Required action: Could you repeat the entries below exactly, but only from the line with "00:00:07.500" through the line with "[00:00:00.000-00:00:08.500]", and without any picture?

Stored dataset items:
⟨

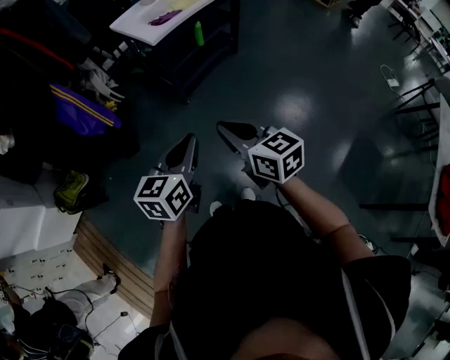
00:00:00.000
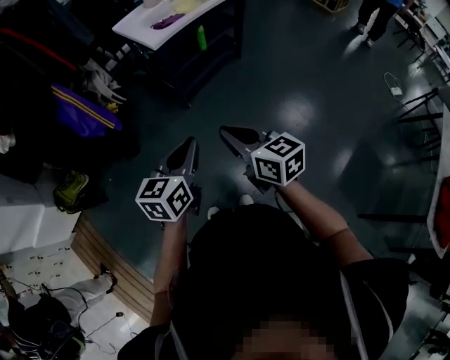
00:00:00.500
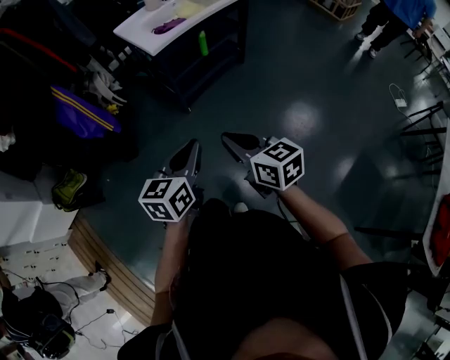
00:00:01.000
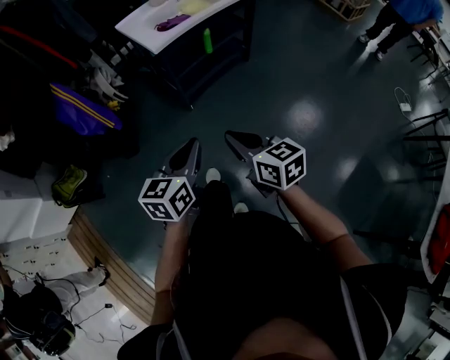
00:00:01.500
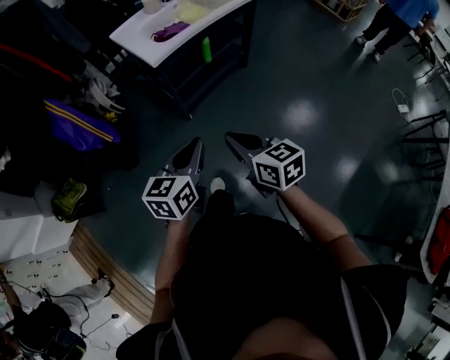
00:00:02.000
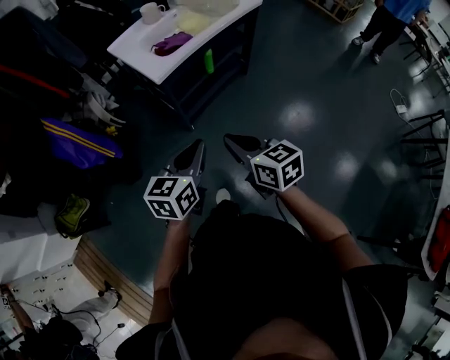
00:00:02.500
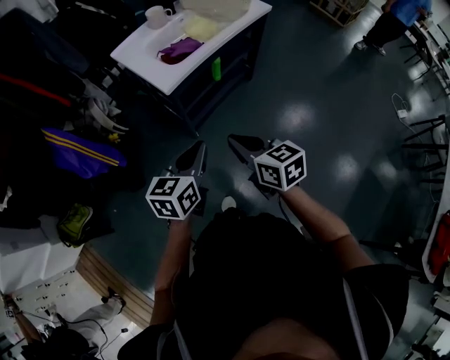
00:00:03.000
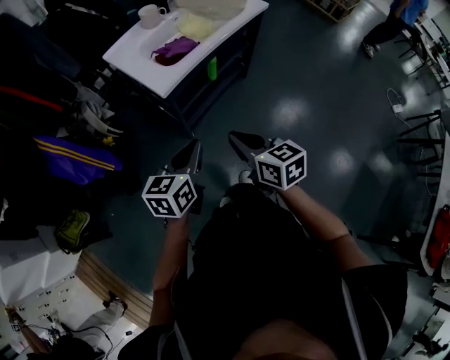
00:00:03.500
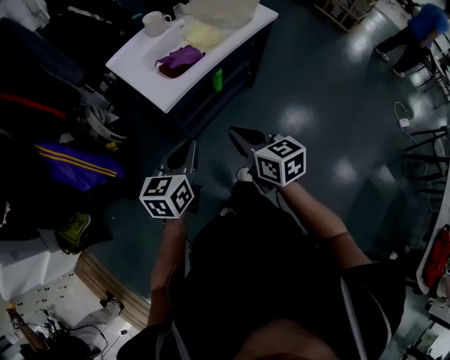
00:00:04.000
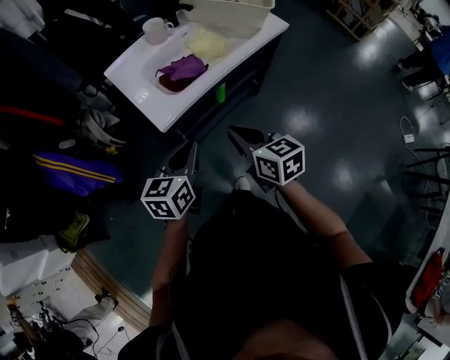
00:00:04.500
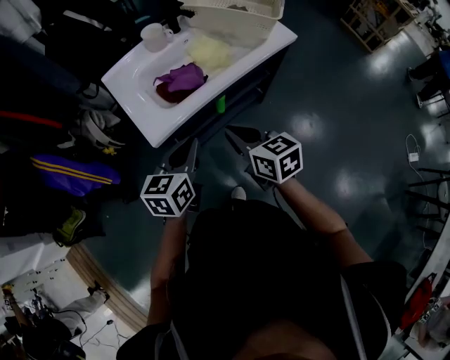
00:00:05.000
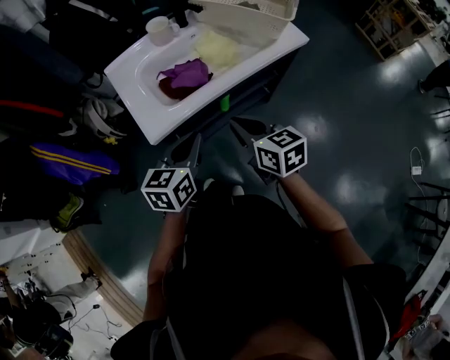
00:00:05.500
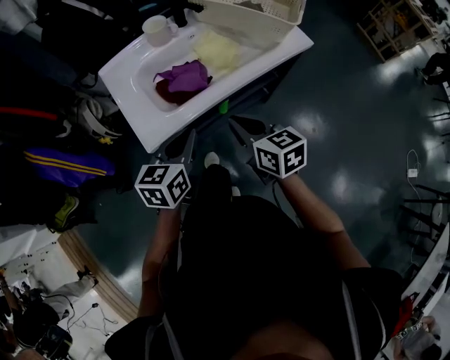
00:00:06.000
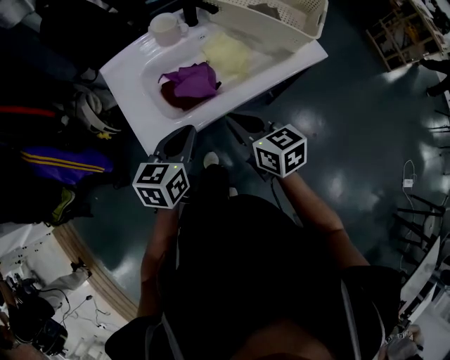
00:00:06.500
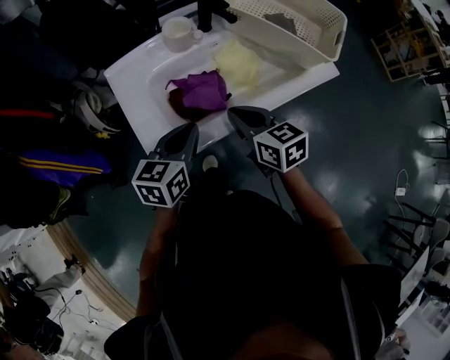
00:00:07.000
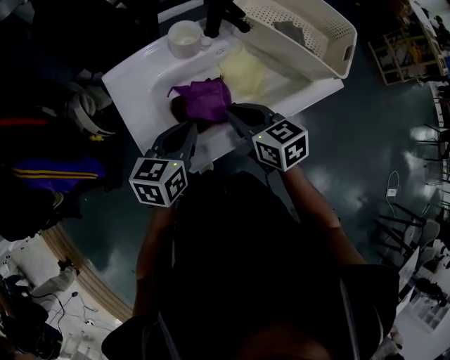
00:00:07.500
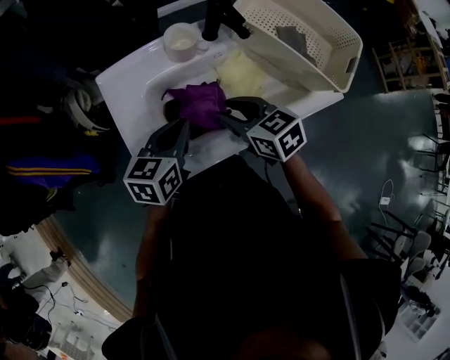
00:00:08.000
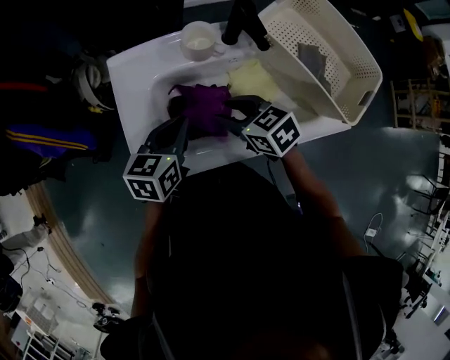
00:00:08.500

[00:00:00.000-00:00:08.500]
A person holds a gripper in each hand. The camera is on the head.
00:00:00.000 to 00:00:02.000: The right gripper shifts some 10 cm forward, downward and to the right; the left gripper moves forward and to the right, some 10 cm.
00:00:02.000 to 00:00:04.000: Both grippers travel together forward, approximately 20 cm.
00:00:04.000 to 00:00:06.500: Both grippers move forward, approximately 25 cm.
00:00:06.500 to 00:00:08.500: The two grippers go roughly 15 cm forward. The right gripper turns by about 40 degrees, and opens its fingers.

⟩
⟨

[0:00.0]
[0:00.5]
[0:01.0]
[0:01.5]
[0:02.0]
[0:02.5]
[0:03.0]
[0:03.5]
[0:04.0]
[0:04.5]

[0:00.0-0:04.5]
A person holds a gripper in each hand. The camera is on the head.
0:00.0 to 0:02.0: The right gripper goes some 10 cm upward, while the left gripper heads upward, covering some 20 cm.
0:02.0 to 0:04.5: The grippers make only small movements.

⟩

Result:
00:00:07.500
00:00:08.000
00:00:08.500

[00:00:00.000-00:00:08.500]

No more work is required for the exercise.